What the task asks: Restate word for word the lines below, from the one containing "What is the structure outlined in the color pink?" through the final line, with no pictures included.

Input for this task:
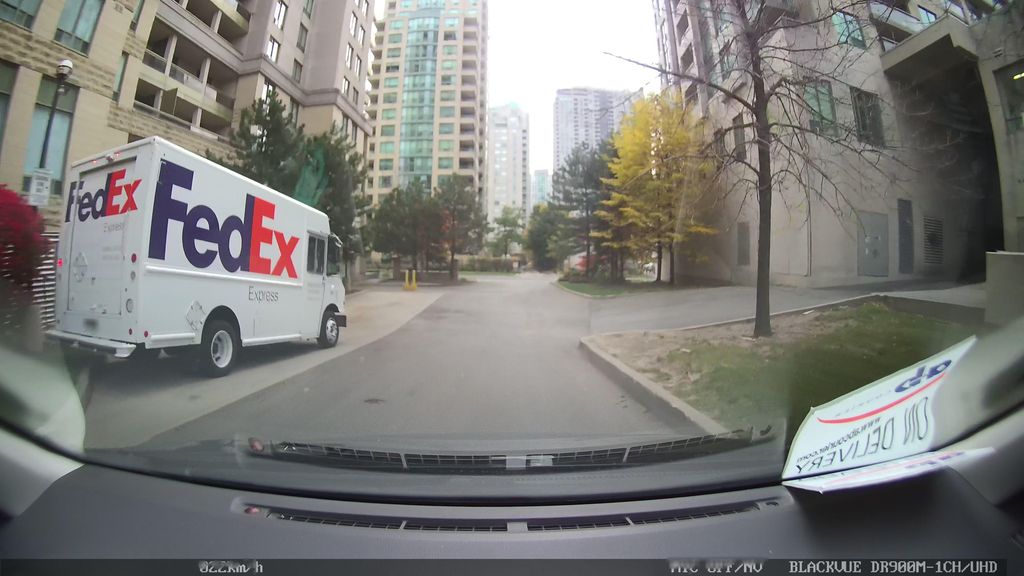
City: toronto
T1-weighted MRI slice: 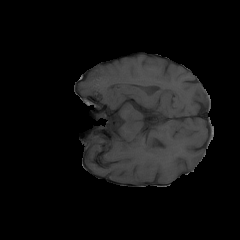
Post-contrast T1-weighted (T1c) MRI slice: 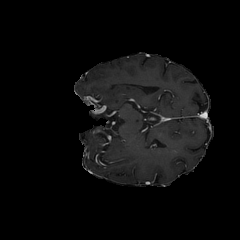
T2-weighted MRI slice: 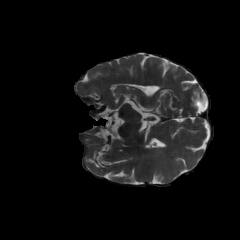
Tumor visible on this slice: yes
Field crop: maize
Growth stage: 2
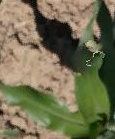
Species: maize
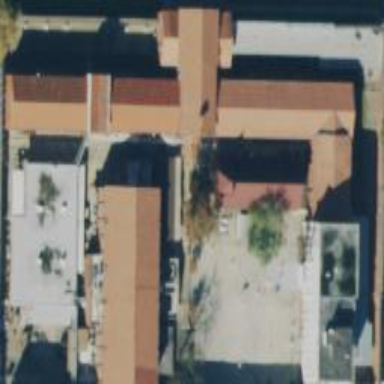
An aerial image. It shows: Prison building.
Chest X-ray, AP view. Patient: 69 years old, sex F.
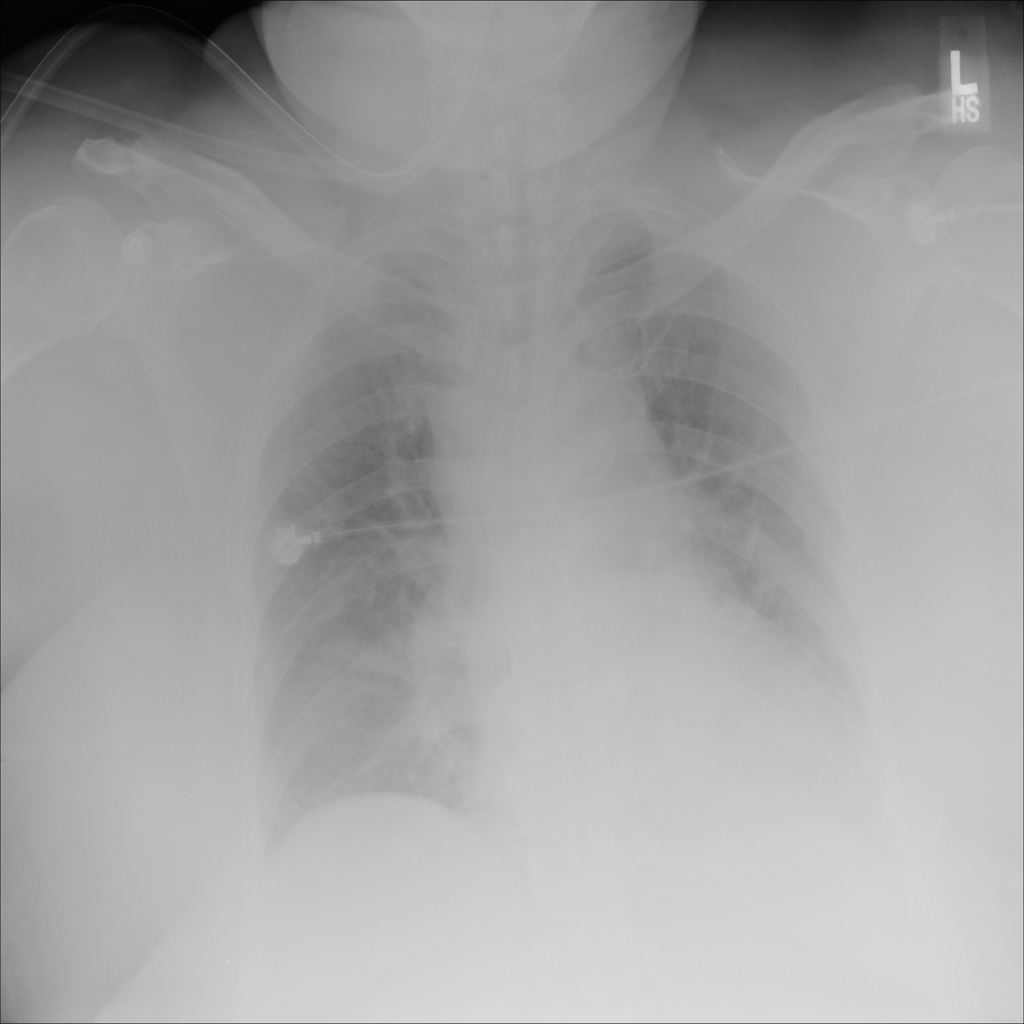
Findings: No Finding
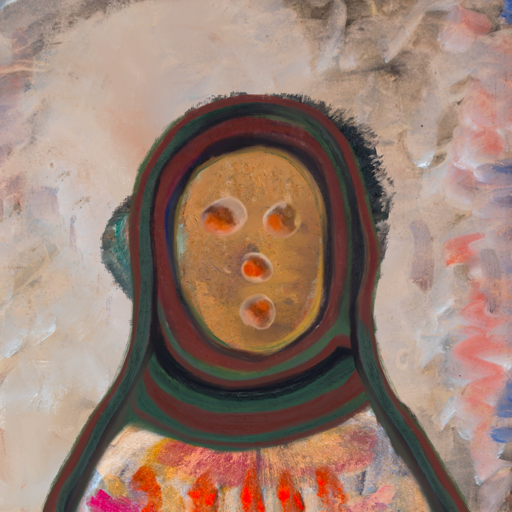
Background: Roy_Bahadur, Head And Neck Front: In_The_Sun, Face Front: Rupkatha, Bust: Childish, Hair Front: Boggyland, Head Accessory: After_Raid_Scarf, Second Necklace: Blank, Necklace: Blank, Baby: Blank
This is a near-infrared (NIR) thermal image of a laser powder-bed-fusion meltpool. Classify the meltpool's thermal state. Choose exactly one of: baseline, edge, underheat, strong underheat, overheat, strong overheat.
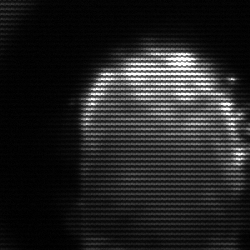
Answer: baseline
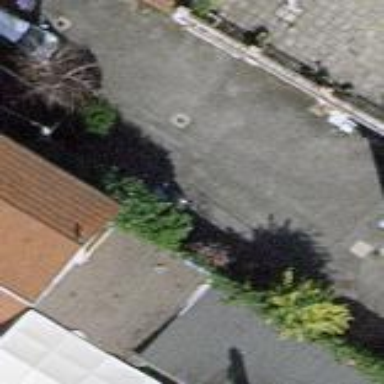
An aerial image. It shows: Driveway.
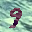
Label: 9
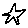
Label: star
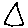
Label: triangle
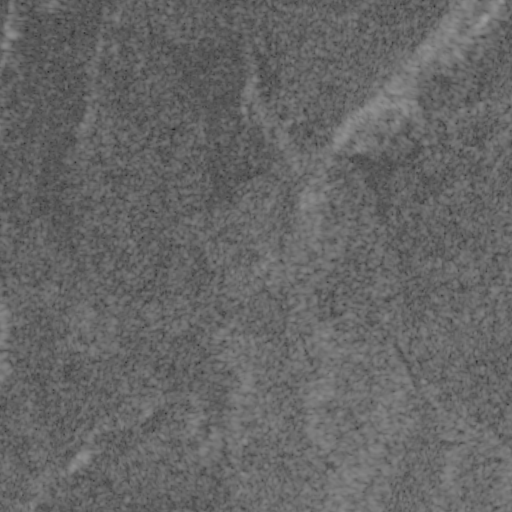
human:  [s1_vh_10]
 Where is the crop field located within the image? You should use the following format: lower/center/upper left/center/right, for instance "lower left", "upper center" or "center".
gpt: The crop field is located in the upper left of the image.
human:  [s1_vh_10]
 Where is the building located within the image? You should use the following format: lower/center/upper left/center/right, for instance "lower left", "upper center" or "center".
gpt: The building is located in the lower right of the image.
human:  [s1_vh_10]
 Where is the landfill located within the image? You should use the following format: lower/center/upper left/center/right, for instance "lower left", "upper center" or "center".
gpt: There is no landfill in the image.

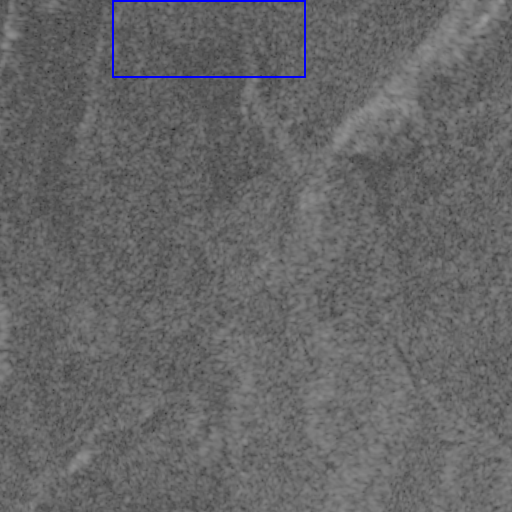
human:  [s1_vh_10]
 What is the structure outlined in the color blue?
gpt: The structure outlined in blue is a crop field.
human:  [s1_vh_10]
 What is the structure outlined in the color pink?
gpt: There is no pink outline.
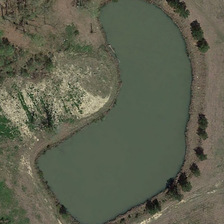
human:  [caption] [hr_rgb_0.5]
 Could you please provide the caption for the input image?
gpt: some green trees are around an irregular pond .

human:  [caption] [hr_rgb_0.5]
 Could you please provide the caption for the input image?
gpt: some green trees are around an irregular pond .

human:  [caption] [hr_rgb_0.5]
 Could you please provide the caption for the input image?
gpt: some green trees are around an irregular pond .

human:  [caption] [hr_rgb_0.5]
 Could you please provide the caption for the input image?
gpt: some green trees are around an irregular pond .

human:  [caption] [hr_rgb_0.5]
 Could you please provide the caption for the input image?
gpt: some green trees are around an irregular pond .
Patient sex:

Output for this task:
 What is the structure outlined in the color pink?
gpt: There is no pink outline.
human:  [caption] [hr_rgb_0.5]
 Could you please provide the caption for the input image?
gpt: some green trees are around an irregular pond .

human:  [caption] [hr_rgb_0.5]
 Could you please provide the caption for the input image?
gpt: some green trees are around an irregular pond .

human:  [caption] [hr_rgb_0.5]
 Could you please provide the caption for the input image?
gpt: some green trees are around an irregular pond .

human:  [caption] [hr_rgb_0.5]
 Could you please provide the caption for the input image?
gpt: some green trees are around an irregular pond .

human:  [caption] [hr_rgb_0.5]
 Could you please provide the caption for the input image?
gpt: some green trees are around an irregular pond .
Patient sex:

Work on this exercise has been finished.